To monitor for drug toxicity, complete blood count, serum creatinine, liver function tests, hepatitis B and C screening, ophthalmologic exam, latent TB screening (for bDMARDs, with chest X-ray) are requested. It is recommended to monitor patients for drug toxicity due to the potential risks of serious adverse effects prior to resuming or increasing therapy with DMARDs. 

Prior to tapering of therapy, patients should have a low disease activity or be in remission for at least 6 months. A dose reduction (decrease in dose or increase in the dosing interval) is recommended over gradual discontinuation of a DMARD along with a close evaluation of patients during any tapering of therapy. Patients in persistent remission can consider tapering bDMARD or tsDMARD therapy after tapering glucocorticoid therapy. Tapering of csDMARD treatment may also be considered. 

Flare risk is inversely proportional to disease activity and sustained response duration, thus, to decrease the risk of flares, gradual withdrawal of biological therapies should be done. As discontinuation of therapy is associated with a high risk of flares, careful reduction of dose or increase in the interval can be done with all bDMARDs and tsDMARDs with a little risk of flares. Most patients who flare can regain their prior good response upon prompt re-institution of the same bDMARD or tsDMARD therapy. Ceasing treatment with csDMARDs is associated with increased flare frequency, hence tapering should be done cautiously and should be evaluated rigorously. 

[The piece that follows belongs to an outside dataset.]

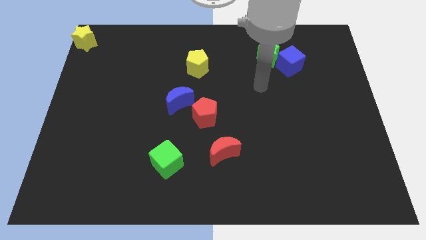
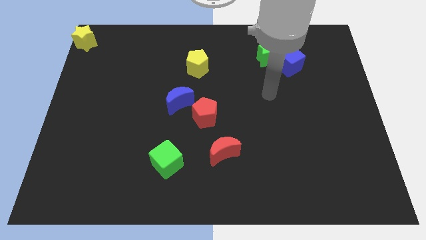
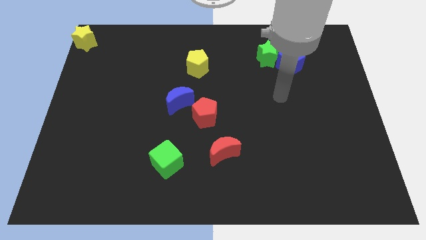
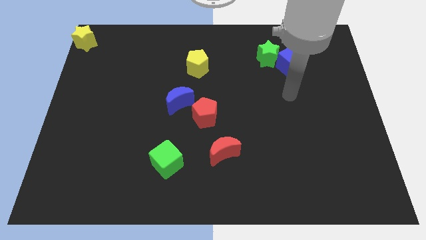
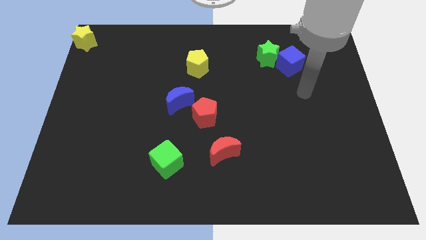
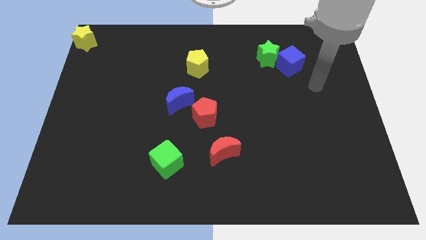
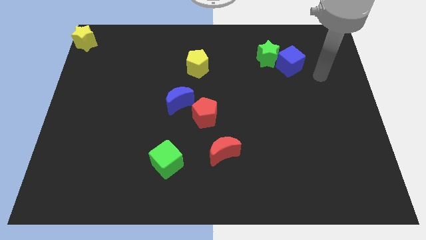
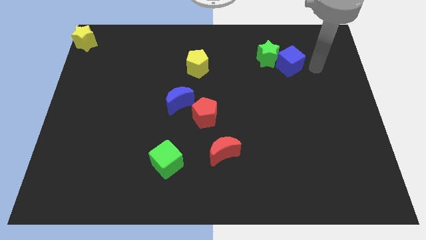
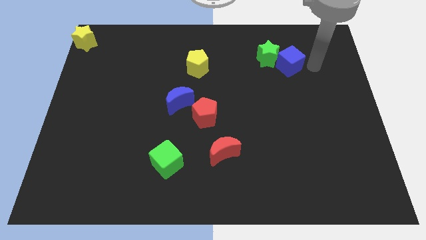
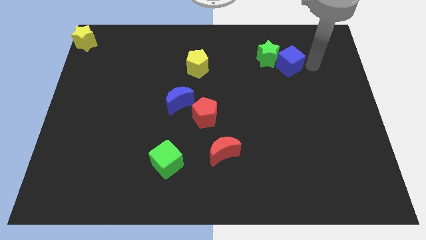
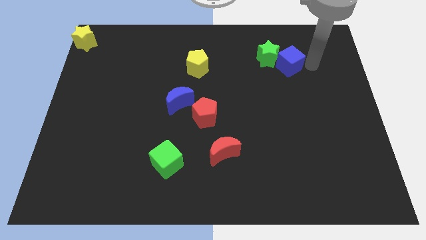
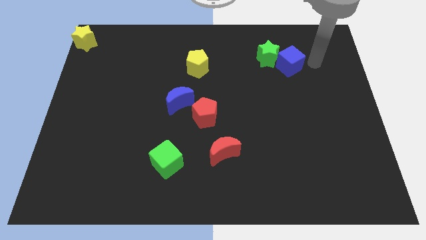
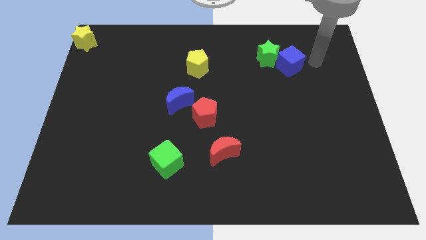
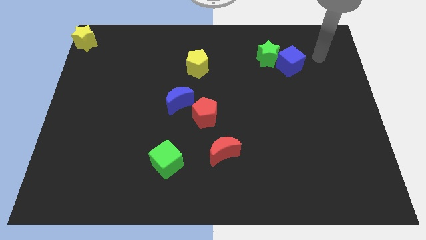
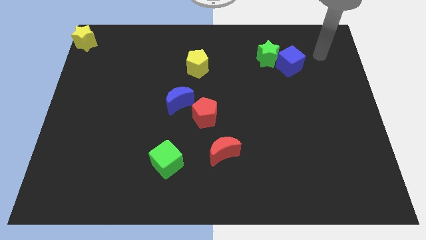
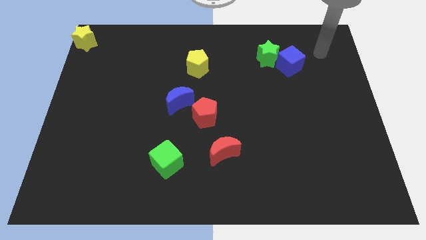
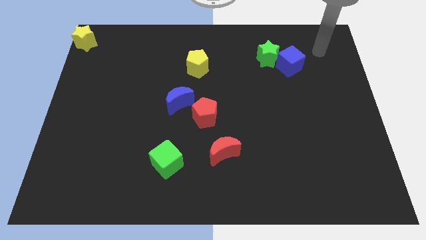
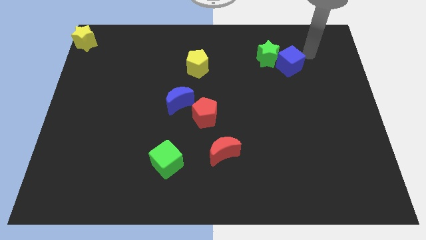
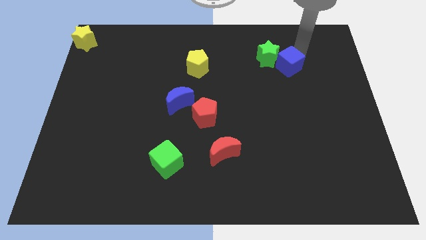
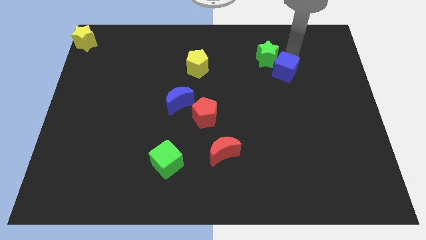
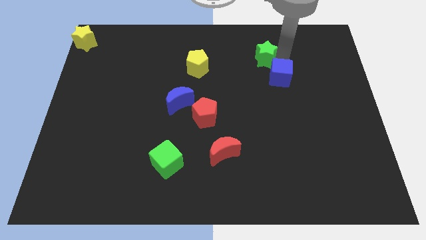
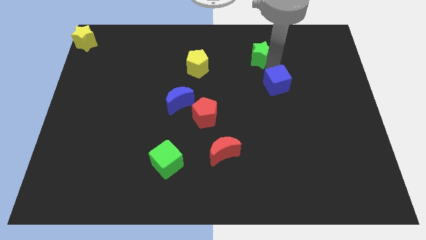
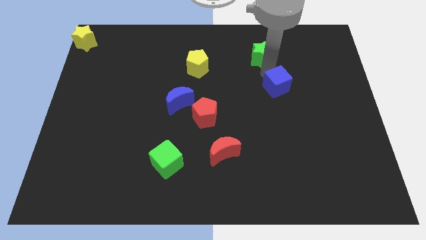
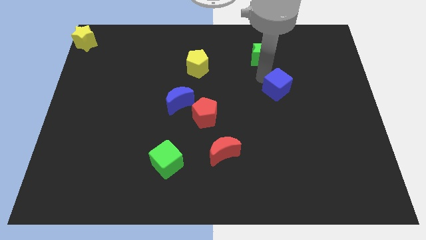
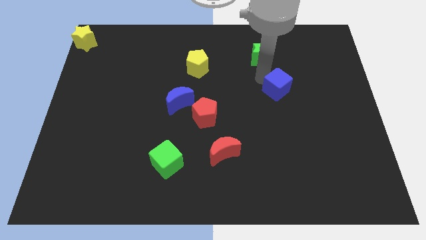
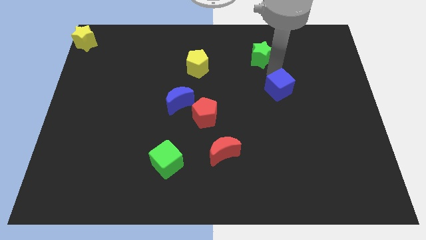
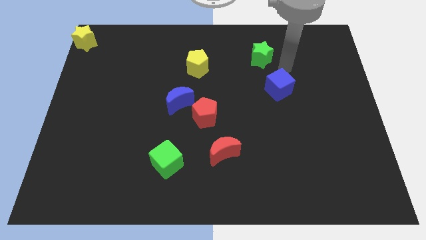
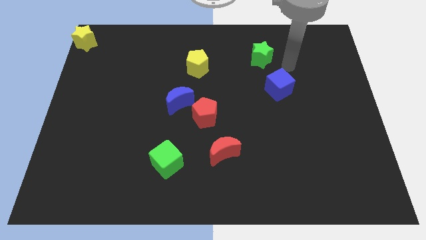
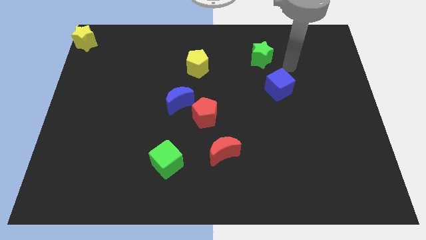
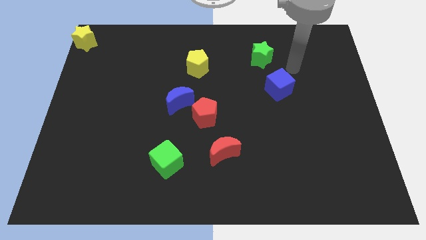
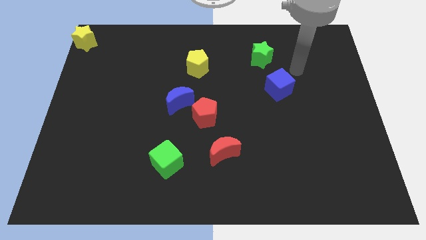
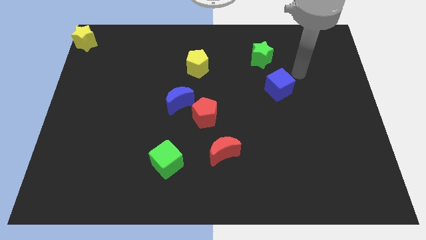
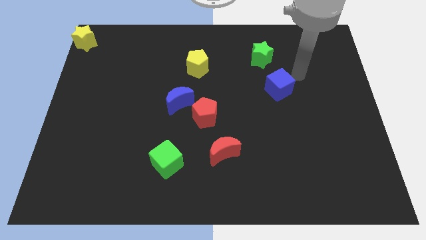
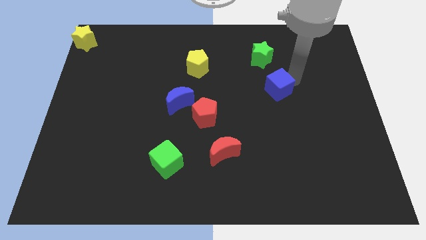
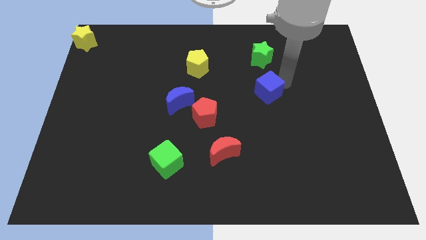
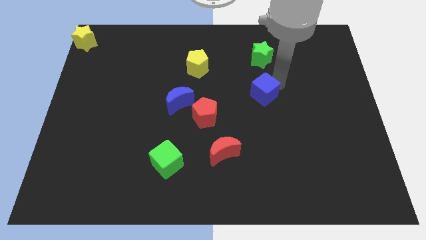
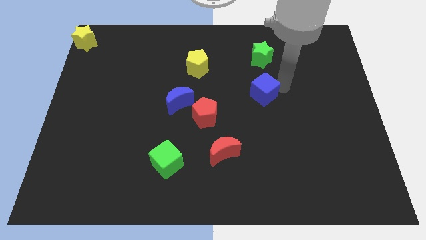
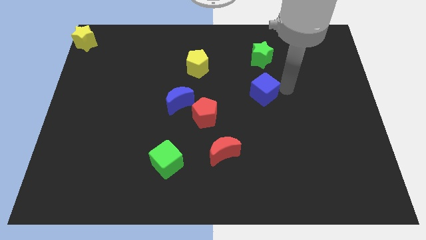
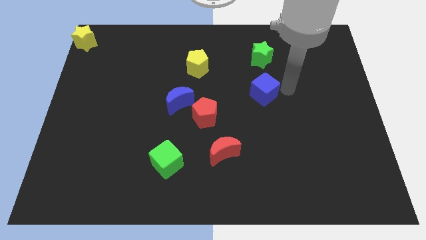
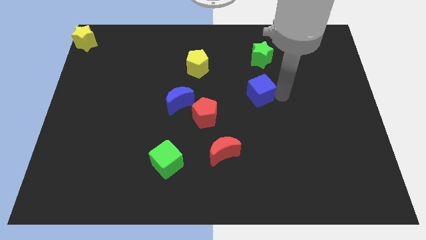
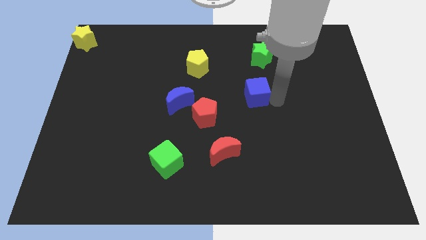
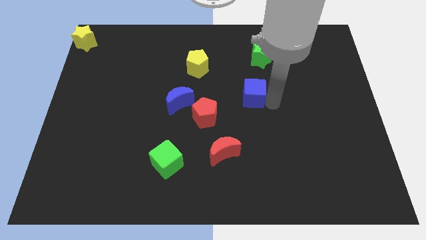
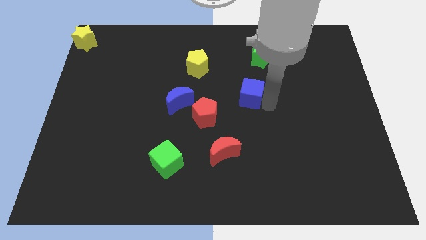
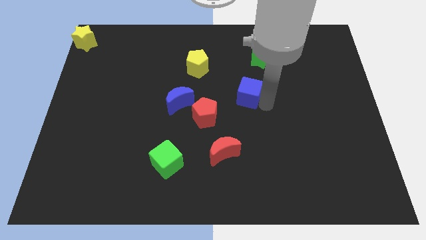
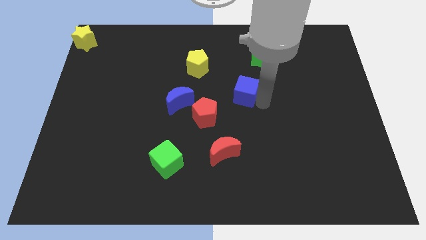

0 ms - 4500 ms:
separate the blue cube from the green star

Disease activity should be measured and documented regularly. Consider structural changes, comorbidities, and functional impairment when formulating treatment decisions on follow-ups. Monitoring may be done at intervals as follows:
  • Moderate-high disease activity: Monthly
  • Sustained low disease activity or remission: Every 6 months 

Prognosis

Poor prognostic factors in patients with rheumatoid arthritis include a high count of swollen joints, evidence of early erosions, the presence of rheumatoid factor and/or anti-citrullinated protein antibody (particularly at high levels), high levels of acute phase reactants, moderate or high disease activity persisting despite treatment with csDMARDs based on composite measures including joint count, treatment failure with ≥2 csDMARDs, and other factors such as female gender, older age, smoking history, and presence of obesity or anemia.